## Provided entries
= = = = = = =

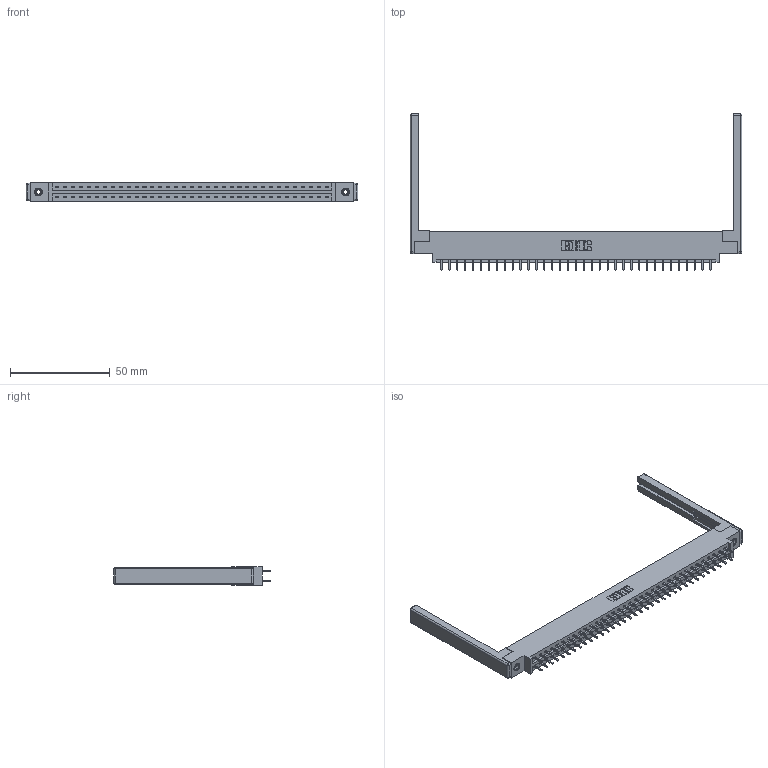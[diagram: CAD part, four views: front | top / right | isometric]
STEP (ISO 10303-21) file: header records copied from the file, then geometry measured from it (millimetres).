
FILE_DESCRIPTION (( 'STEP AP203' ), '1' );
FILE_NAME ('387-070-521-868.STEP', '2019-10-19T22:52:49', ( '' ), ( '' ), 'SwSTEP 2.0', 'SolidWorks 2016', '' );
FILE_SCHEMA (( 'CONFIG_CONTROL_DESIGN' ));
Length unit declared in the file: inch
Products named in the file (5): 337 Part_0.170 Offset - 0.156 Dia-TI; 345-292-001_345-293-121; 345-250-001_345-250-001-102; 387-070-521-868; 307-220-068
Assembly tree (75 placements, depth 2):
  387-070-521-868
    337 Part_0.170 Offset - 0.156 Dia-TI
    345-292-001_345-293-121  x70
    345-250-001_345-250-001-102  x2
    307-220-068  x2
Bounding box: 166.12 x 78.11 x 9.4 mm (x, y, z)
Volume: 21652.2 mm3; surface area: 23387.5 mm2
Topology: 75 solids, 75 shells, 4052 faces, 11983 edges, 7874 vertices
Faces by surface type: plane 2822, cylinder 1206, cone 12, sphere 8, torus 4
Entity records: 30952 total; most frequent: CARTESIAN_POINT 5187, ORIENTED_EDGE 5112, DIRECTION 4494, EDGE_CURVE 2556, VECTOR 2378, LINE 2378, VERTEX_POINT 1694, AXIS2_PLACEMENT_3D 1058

= = = = = = =

Pick each line holding "STEP" out of the entries above and return it.

STEP (ISO 10303-21) file: header records copied from the file, then geometry measured from it (millimetres).
FILE_DESCRIPTION (( 'STEP AP203' ), '1' );
FILE_NAME ('387-070-521-868.STEP', '2019-10-19T22:52:49', ( '' ), ( '' ), 'SwSTEP 2.0', 'SolidWorks 2016', '' );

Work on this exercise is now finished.